START Extracted entries
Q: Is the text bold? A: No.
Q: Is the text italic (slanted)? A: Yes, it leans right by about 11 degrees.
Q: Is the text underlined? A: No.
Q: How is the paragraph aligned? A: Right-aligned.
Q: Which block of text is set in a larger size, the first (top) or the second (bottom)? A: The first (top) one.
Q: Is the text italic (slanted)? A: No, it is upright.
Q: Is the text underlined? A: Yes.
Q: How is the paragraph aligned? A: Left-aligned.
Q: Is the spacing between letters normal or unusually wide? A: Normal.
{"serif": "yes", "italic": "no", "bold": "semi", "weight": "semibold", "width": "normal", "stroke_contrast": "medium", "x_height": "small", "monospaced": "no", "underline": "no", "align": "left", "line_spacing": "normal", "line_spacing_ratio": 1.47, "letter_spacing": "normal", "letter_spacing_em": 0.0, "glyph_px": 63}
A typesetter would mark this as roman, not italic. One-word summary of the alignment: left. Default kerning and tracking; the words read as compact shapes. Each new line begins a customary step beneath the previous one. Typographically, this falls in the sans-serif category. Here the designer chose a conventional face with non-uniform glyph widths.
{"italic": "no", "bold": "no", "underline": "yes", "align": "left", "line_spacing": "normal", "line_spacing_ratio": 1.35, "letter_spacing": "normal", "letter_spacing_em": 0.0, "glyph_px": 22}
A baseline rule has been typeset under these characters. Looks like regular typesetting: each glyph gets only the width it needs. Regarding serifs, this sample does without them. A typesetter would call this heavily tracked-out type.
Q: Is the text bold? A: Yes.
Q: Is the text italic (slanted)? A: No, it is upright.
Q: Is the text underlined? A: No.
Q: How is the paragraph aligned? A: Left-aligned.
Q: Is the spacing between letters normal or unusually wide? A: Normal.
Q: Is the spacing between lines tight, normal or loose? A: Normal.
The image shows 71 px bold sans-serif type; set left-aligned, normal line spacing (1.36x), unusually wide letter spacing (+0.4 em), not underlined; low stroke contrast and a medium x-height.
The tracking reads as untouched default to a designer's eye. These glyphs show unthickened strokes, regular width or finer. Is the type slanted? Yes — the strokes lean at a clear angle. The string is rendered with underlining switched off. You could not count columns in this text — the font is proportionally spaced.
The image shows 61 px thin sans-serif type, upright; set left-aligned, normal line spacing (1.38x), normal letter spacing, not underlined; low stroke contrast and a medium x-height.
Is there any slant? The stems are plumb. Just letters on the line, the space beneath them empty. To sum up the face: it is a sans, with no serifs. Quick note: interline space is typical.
END Extracted entries
START Extracted entries
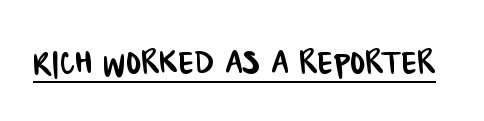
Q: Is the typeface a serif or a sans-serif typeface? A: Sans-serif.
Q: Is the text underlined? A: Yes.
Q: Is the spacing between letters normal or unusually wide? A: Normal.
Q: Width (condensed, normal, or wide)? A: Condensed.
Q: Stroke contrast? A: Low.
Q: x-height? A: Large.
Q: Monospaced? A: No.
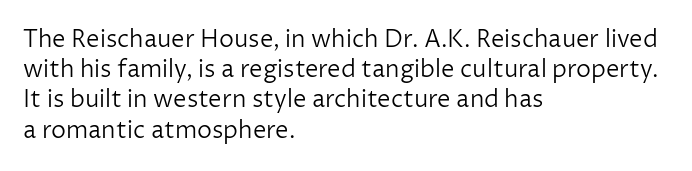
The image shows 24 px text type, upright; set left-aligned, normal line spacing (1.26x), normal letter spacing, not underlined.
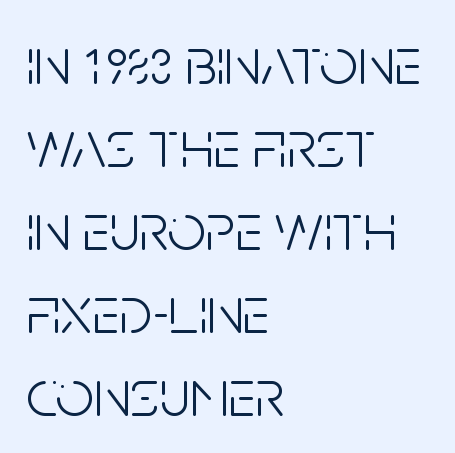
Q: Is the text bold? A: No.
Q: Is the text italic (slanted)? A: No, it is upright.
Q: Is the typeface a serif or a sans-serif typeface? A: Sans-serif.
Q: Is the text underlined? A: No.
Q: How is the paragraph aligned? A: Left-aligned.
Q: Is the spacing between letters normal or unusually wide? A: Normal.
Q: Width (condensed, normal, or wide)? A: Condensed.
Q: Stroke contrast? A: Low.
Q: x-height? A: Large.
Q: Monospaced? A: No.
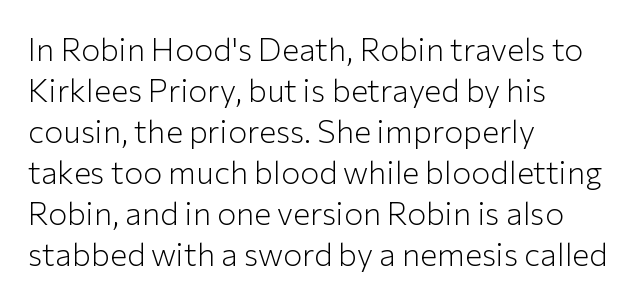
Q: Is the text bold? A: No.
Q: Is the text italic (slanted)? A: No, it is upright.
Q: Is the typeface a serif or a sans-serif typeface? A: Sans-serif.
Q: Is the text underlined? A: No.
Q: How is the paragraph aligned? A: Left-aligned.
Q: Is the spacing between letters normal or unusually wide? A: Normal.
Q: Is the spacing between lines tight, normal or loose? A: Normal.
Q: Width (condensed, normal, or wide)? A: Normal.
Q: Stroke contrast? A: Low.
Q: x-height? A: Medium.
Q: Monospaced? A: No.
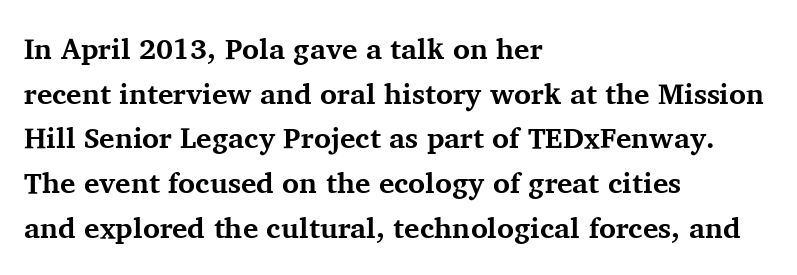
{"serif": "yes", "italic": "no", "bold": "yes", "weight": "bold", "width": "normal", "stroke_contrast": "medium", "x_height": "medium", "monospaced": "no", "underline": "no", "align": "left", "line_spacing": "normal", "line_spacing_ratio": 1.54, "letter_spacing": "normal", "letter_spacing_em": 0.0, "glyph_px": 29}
END Extracted entries
START Extracted entries
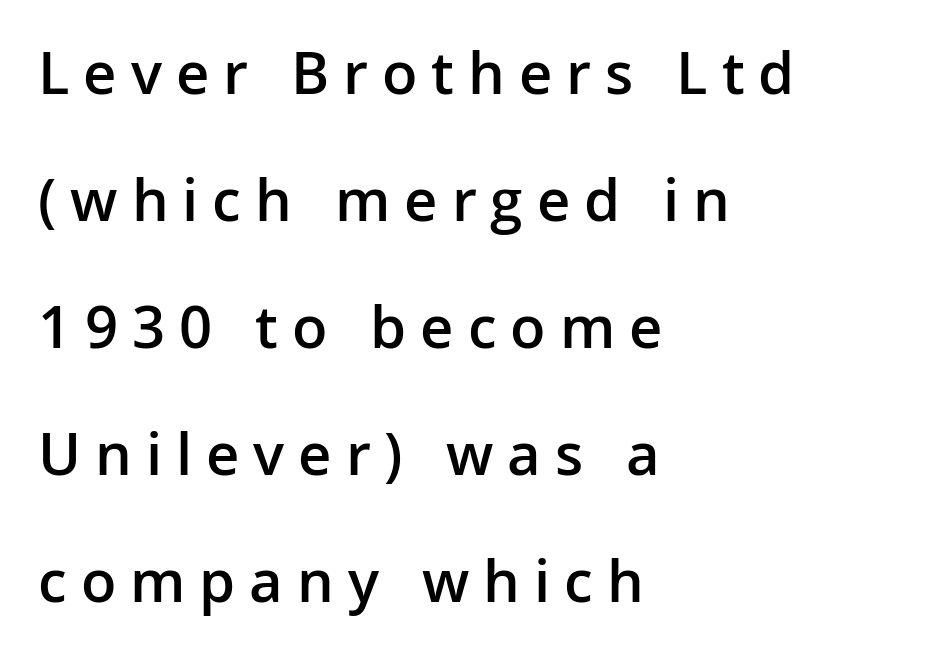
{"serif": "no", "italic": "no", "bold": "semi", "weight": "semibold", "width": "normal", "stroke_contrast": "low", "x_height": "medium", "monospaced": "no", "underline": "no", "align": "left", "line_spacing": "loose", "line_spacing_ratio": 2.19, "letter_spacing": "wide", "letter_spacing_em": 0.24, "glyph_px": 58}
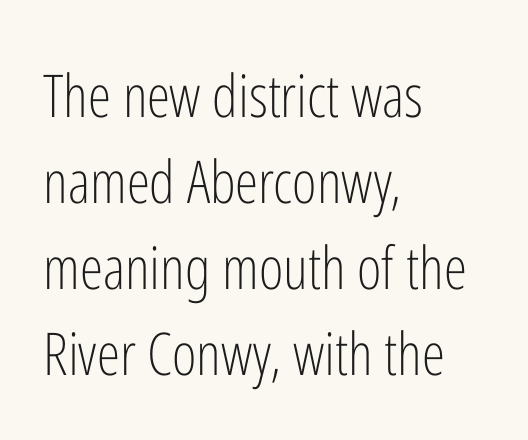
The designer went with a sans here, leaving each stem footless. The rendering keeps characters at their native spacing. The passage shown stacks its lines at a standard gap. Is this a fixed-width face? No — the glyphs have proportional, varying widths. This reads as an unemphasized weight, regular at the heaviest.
END Extracted entries
> **Aim of the task**
An exact copy of the lines above, from the one containing "The image shows 61" through the one containing "Is there any", is the whole of the answer.

> **Expected answer**
The image shows 61 px thin sans-serif type, upright; set left-aligned, normal line spacing (1.38x), normal letter spacing, not underlined; low stroke contrast and a medium x-height.
Is there any slant? The stems are plumb. Just letters on the line, the space beneath them empty. To sum up the face: it is a sans, with no serifs. Quick note: interline space is typical.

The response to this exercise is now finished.